A common scenario for developers is that they create an assembly that is to be hosted
by Internet Explorer, but requires more trust than would be given to it by default
by the Internet or LocalIntranet zone code groups. Often the first attempt at
fixing this involves signing the assembly with a strong name or an X509 certificate
and then creating a code group that gives that signature full trust. Developers
are often surprised when they continue to see security exceptions thrown even after
they do this.
The reasoning behind the security exception is AppDomains. Before IE can load
your assembly, it must create an AppDomain to load the assembly into. When it
creates this AppDomain, it assigns it all the evidence it knows without loading your
assembly, the URL and zone that it is loading from. Since the AppDomain itself
does not get any evidence about the signature that your assembly has (it can’t since
the assembly is not loaded yet), it will not match the code group that you created
giving extra trust. Now when a security demand occurs, a stack walk begins.

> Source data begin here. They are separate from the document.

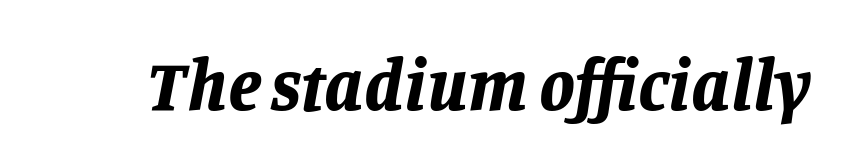
The image shows 72 px bold type, italic (leaning right); set normal letter spacing, not underlined; low stroke contrast and a large x-height.
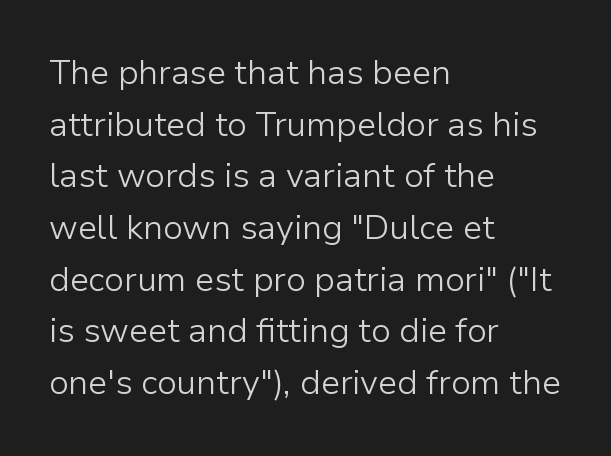
{"serif": "no", "italic": "no", "bold": "no", "weight": "light", "width": "normal", "stroke_contrast": "low", "x_height": "medium", "monospaced": "no", "underline": "no", "align": "left", "line_spacing": "normal", "line_spacing_ratio": 1.52, "letter_spacing": "normal", "letter_spacing_em": 0.0, "glyph_px": 34}
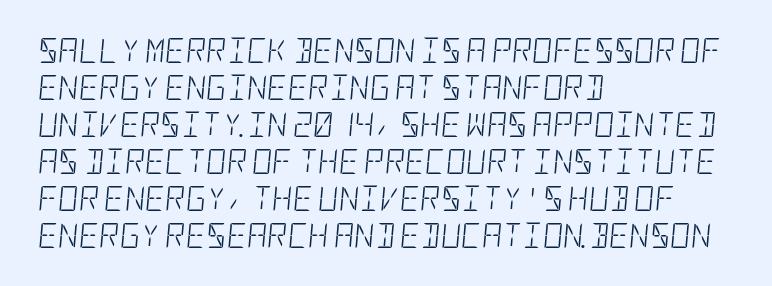
Q: Is the text bold? A: No.
Q: Is the text italic (slanted)? A: Yes, it leans right by about 5 degrees.
Q: Is the text underlined? A: No.
Q: How is the paragraph aligned? A: Left-aligned.
Q: Is the spacing between letters normal or unusually wide? A: Normal.
Q: Is the spacing between lines tight, normal or loose? A: Normal.
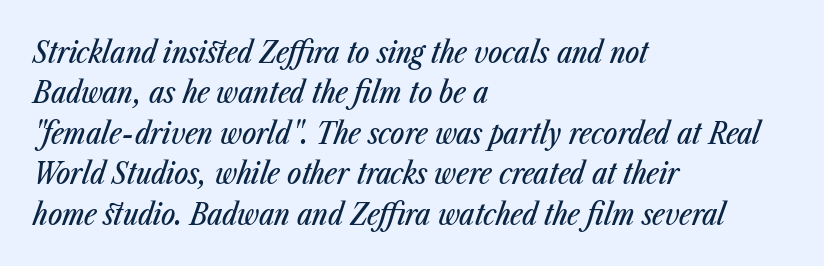
Caption: multi-line text, flush left, ragged right. The rendering uses natural spacing where letterforms have individual widths. The space beneath each line is pristine and unruled. Notice how descenders clear the ascenders below comfortably — that's standard leading. The letters sit at their default tracking, neither squeezed nor spread. Designer's note — italics engaged.

When your assembly is checked for correct permissions, it passes, and the stack walk
continues until it gets to the AppDomain. Since the AppDomain doesn’t have the
permissions that are required by this demand, it causes the SecurityException to be
There are two ways to work around this problem. The first way is to create a
code group that matches the evidence that the AppDomain is getting, using a SiteMembershipCondition
or a ZoneMembershipCondition, and trust that. The other is to Assert() all the
permissions that your assembly needs at its entry points. This prevents the
stack walk from getting to the AppDomain level, therefore preventing the AppDomain
from causing a SecurityException to be thrown.